In high school, I had taught that we should have preconditions, what the function does and post conditions in every function/procedure that we write. Not just for ourselves in the event that we forget what happens, but also for other people reading our code. [side note : yes. I had computer science classes since junior high school. In college the same thing. In practice, it’s not always done that way.
For those that aren’t familiar with coding, just think of a function as a lego block. Now a days lego is all sorts of funky. They have lego pieces that act as windows, doors, hindges, etc. Each lego piece has some sort of function, and one side that helps it link to another piece to make it fit with another piece.
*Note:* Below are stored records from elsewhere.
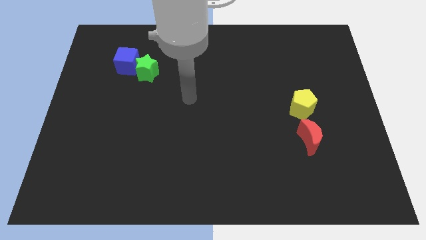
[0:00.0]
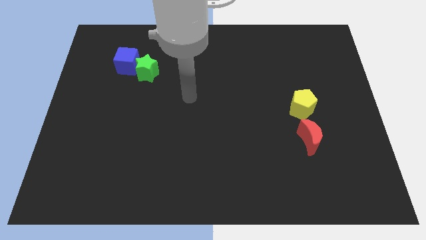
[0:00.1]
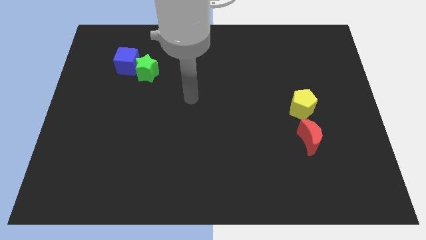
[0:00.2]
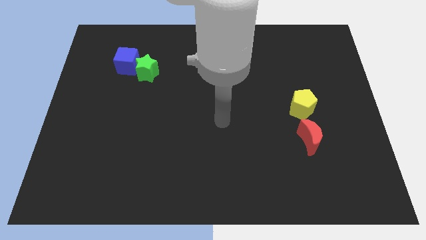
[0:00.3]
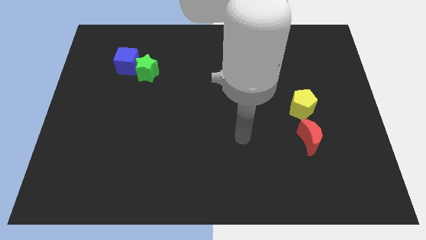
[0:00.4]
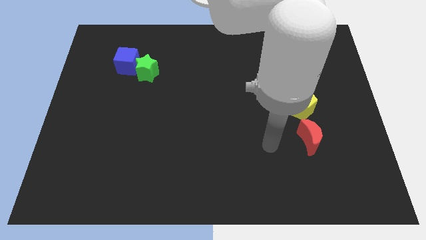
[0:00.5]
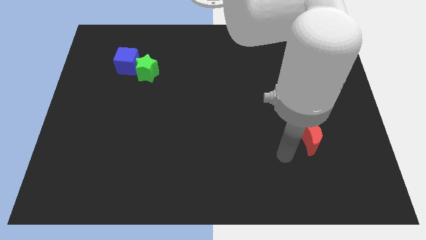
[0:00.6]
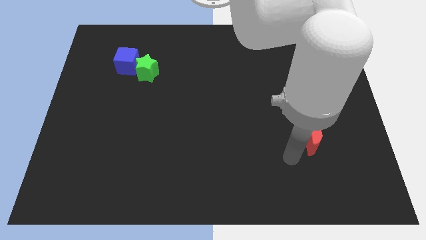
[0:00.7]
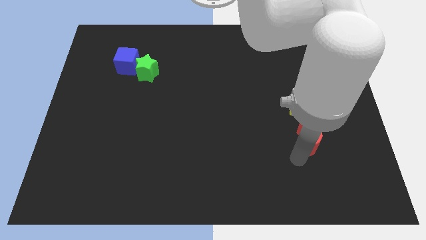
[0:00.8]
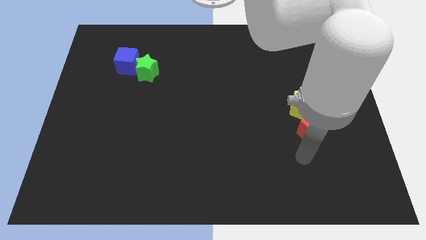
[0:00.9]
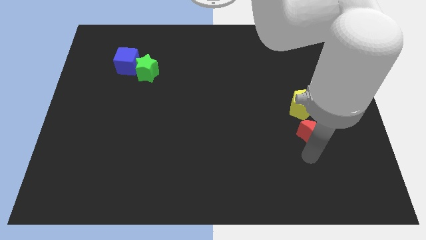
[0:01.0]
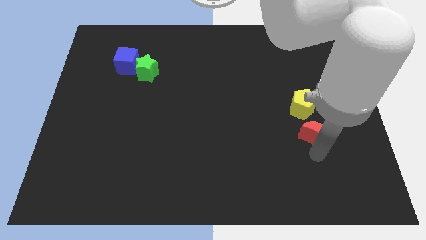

You can think of the little bumps as output variables and the other side with the holes, input variables. When you put a bunch of lego pieces fitting all together, you basically have some sort of model, or artwork, or whatever the builder has envisioned (hopefully).
What it did teach me though, is how to do QA. “How so?” you ask? Simplifying it down it’s like this:
1) an application has a certain state before it goes through a procedure/function/etc.
2) functions have 0 to … however many inputs when the function is called
3) the functions does something
4) the function outputs 0 to however many outputs after the function ends up running
5) the application has a certain state after the function ran. This could potentially be the same as before the application ran.
So what does this mean? It means that when you encounter a bug, whether it be a UI bug or a crashing bug, usually there is a way to get to that through basic usage and translating that to code. It may not be easy all the time, but basically the application got to a certain state, a function ran and either within the function or the outcome of the function caused an issue. Understanding the state prior to where the issue occurred helps with the reproducibility of the issue. Understanding the function itself and the weakness of the functions, helps find critical bugs faster. This helps out with integration testing, and in some sense covers what unit testing cannot necessarily cover.
“Ok, blah blah blah… where’s the example?” you say? Fair point. Let’s take a look at mozillians web page incorporating browserid. Linked is the staging server (a server where testers can test out what the dev have in plan and not affect the production [what’s served to the public] server) : https://mozillians-dev.allizom.org/en-US/
What I do know is that the sign in is using browser id which is one part on a different server, and another part that is mozillians web page. I don’t really know too much about what’s going on in depth about either, but I do some exploring to figure out the ways into mozillians. This basically means clicking on as many links as I can find in terms of the login or registeration. I also do ways to explore what types of input browser id is taking in. The next steps is to figure out what kind of variables I can use from mozillians to input towards the browser id. The biggest thing that I found is methods in trying to click on a link into browser id as well as changing the language.
I do the same thing for output. What does browserid send to mozillians? What information does mozillians accept? You have to experiment and think about what’s going on in the background as well as ask developers what might be happening in order to figure out how things are working. What the developers say might not necessarily match, because it could be that they expect something to happen, but something else ends up actually occurring due to an unexpected event. That’s called a bug. 😉 In this sense, you’re basically being an editor to a writer. You’re trying to catch all the loop holes for the writer of the program. Here are the bugs that I written about mozillians. [note : It was stated that I shouldn’t worry about duplicates, but I can’t help not looking at least once. I voted on one that tchung wrote because I also ran into it. This helps to cut down on the additional overhead of trying to manage duplicate bugs]. As long as you understand how you got to a certain state correctly, the bug should be reproducible. In order to test that you are understanding the state, reset the state of the application to where you know what’s going on. (ie quit the browser, clear the cache etc.) and then try to reproduce the bug by getting to that same state you were in and then do the steps in which you were able to produce a bug.
In some sense, you can get to one off bugs easily by keeping track of some small things. In Native Fennec, the way that the urlbar is handled is different from a text field in the content. The urlbar is a widget, where as the text field is something that’s built into fennec. So the behaviors might be different. Another example is tabs. What happens when you reproduce a bug in the current tab? When it’s fixed, what happens when you try in a new tab in the background, and not the current tab? Read various bugs and try to keep up with things that might end up making things “one off”. From there, when there is a bug fix, try to figure out what things might end up being applicable to try to make a one off bug. This is what QA folk call “testing around” the fix. Testing the fix by doing the exact steps usually isn’t as hugely productive because that’s what the developer usually is trying to target (unless either a) the developer is testing the tester to see if they are checking things, or b) the developer made a fudge in the code which was missed by the review) and c) the developer didn’t test his fix. [note : In some sense, when the developer is testing his fix, he might encounter a bug, in which developer have an advantage of uncovering stuff that wasn’t found before] So when verifying a bug… check what the developer tried to fix and more so, test around the bug as well.